Przecena jest następstwem obaw związanych z sytuacją wokół Grecji po niedzielnym referendum, w którym mieszkańcy Hellady opowiedzieli się przeciwko pomocy w formie proponowanej przez wierzycieli, donosi Bloomberg.

Inwestorzy przeceniają „Australijczyka” bojąc się, że podwyższone ryzyko wyjścia Grecji ze strefy euro może doprowadzić do załamania cen surowców, których sprzedaż ma ogromny udział w tworzeniu PKB Australii.
Aussie zmierza w kierunku 72-73 centów amerykańskich, pozostaje tylko kwestią otwartą jak to szybko nastąpi. Greckie referendum stanowi tylko dodatkowy impuls dla przeceny.
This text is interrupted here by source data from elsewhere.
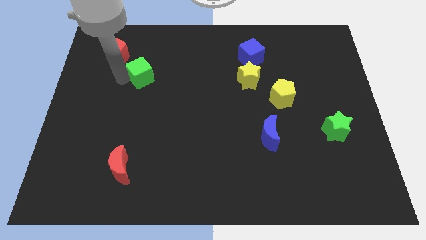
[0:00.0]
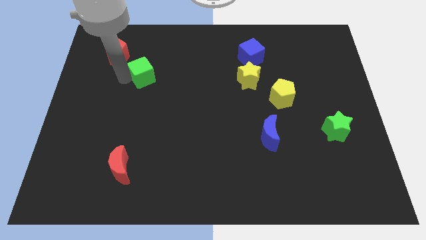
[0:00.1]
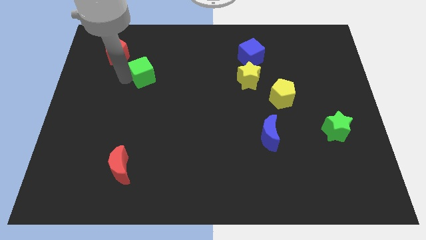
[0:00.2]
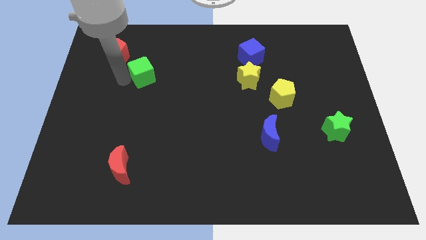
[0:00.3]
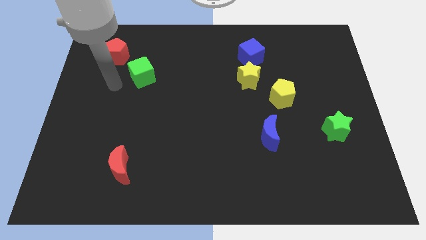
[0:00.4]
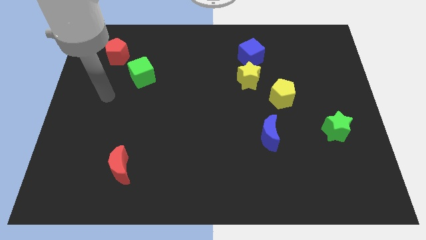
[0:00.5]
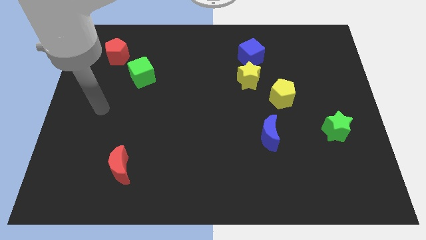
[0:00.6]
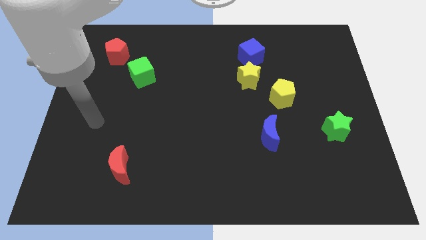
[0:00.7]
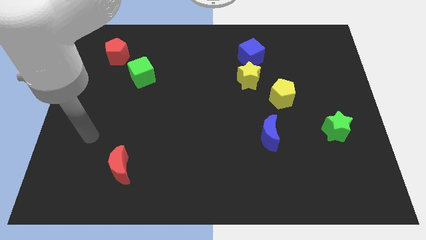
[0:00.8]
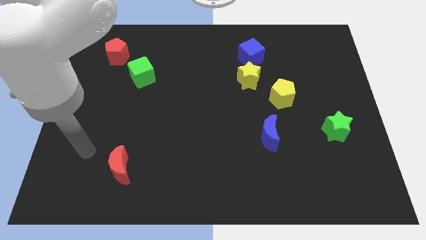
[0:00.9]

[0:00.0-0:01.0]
move your arm away from the green cube

Po godzinie 8-mej polskiego czasu notowania dolara australijskiego spadały o 0,9 proc. do 74,52 centów amerykańskich. W ciągu dwóch ostatnich tygodni „Aussie” stracił już ponad 3,2 proc. na wartości, na co wpływ miał m.in. spadek cen rudy żelaza.
Obecnie dolar australijski jest walutą, której tak naprawdę nikt nie chce mieć w tej chwili – ocenia Ray Attrill, szef strategów walutowych w National Australia Bank.